- Supreme Court of Canada

Hearing: December 8, 1997 Judgment: April 9, 1998
- Full case name: Les Éditions Vice‑Versa inc. and Gilbert Duclos v. Gilbert Duclos
- Citations: [1998] 1 S.C.R. 591
- Docket No.: 25579
- Prior history: Judgement for Aubry at the Court of Appeal for Quebec.
- Ruling: Appeal dismissed.

Holding
- The conflict between the rights to privacy and expression under the Quebec Charter of Human Rights and Freedoms can only be resolved in the context of individual cases. An artist's right to publish their work is not absolute.

Court membership
- Chief Justice: Antonio Lamer Puisne Justices: Claire L'Heureux-Dubé, Charles Gonthier, Peter Cory, Beverley McLachlin, Frank Iacobucci, John C. Major, Michel Bastarache, Ian Binnie

Reasons given
- Majority: L'Heureux-Dubé and Bastarache JJ., joined by Gonthier, Cory, and Iacobucci JJ.
- Dissent: Lamer C.J.
- Dissent: Major J.
- Binnie and McLachlin JJ. took no part in the consideration or decision of the case.

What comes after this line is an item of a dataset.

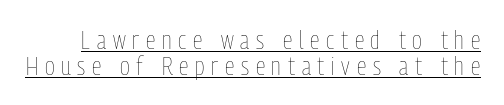
Q: Is the text bold? A: No.
Q: Is the text italic (slanted)? A: No, it is upright.
Q: Is the text underlined? A: Yes.
Q: Is the spacing between letters normal or unusually wide? A: Unusually wide.
Q: Is the spacing between lines tight, normal or loose? A: Tight.

= Aubry v Éditions Vice-Versa Inc =

Aubry v Éditions Vice-Versa Inc, [1998] 1 S.C.R. 591, was a decision by the Supreme Court of Canada in which the claimant, Pascale Claude Aubry, brought an action against Éditions Vice-Versa for publishing a photo taken of her in public. She claimed the photographing was a violation of her right to privacy under the Quebec Charter of Human Rights and Freedoms. The Court held that under Quebec law a photographer can take photographs in public places but may not publish the picture unless permission has been obtained from the subject.

The Court limited this requirement to exclude persons whose photographs were taken during an event of public interest. That is, a person of public interest or equally an unknown person who is implicated in a public matter cannot claim image rights. Consequently, anyone whose photograph was incidental to a photo of some matter will be treated as part of the background and will not be able to claim their rights were violated.

== Background ==
In 1987, Gilbert Duclos, a photographer for Éditions Vice-Versa took a photograph of a teenaged Pascale Claude Aubry resting on the steps of a building by a public street in Montreal. The photo was published in an edition issue alongside essays about life in Montreal and Vancouver. After Aubry's classmates saw the photo and laughed at her, she initiated a lawsuit against the magazine and the photographer.

Both sides agreed that the photo was taken in a public place and without Aubry's consent. Aubry argued that the photograph violated her privacy rights under Section 4 of the Quebec Charter of Human Rights and Freedoms, which says that “[e]very person has a right to respect for his private life.” Éditions Vice-Versa argued that such an interpretation would violate its Section 3 right to free expression found in the same document.

Aubry was awarded $1500 in damages in the lower courts, and the defendants appealed the decision from the Quebec Court of Appeal to the Supreme Court.

== Ruling ==
The Court held that under Quebec law a photographer can take photographs in public places but may not publish the picture unless permission has been obtained from the subject.

The Court limited this requirement to exclude persons whose photographs were taken during an event of public interest. That is, a person of public interest or equally an unknown person who is implicated in a public matter cannot claim image rights. Consequently, anyone whose photograph was incidental to a photo of some matter will be treated as part of the background and will not be able to claim their rights were violated.

==Aftermath==
Photojournalist and photographers groups took issue with the decision, arguing that it had the potential to create a chilling effect on their profession. Justice Bastarache later referred to the case in Syndicat Northcrest v. Amselem (2004), to discuss how the Quebec Charter is relevant to personal disputes. The photo became part of the public domain since it was handed to the Supreme Court.

By the time of the decision in April 1998, Éditions Vice-Versa was defunct.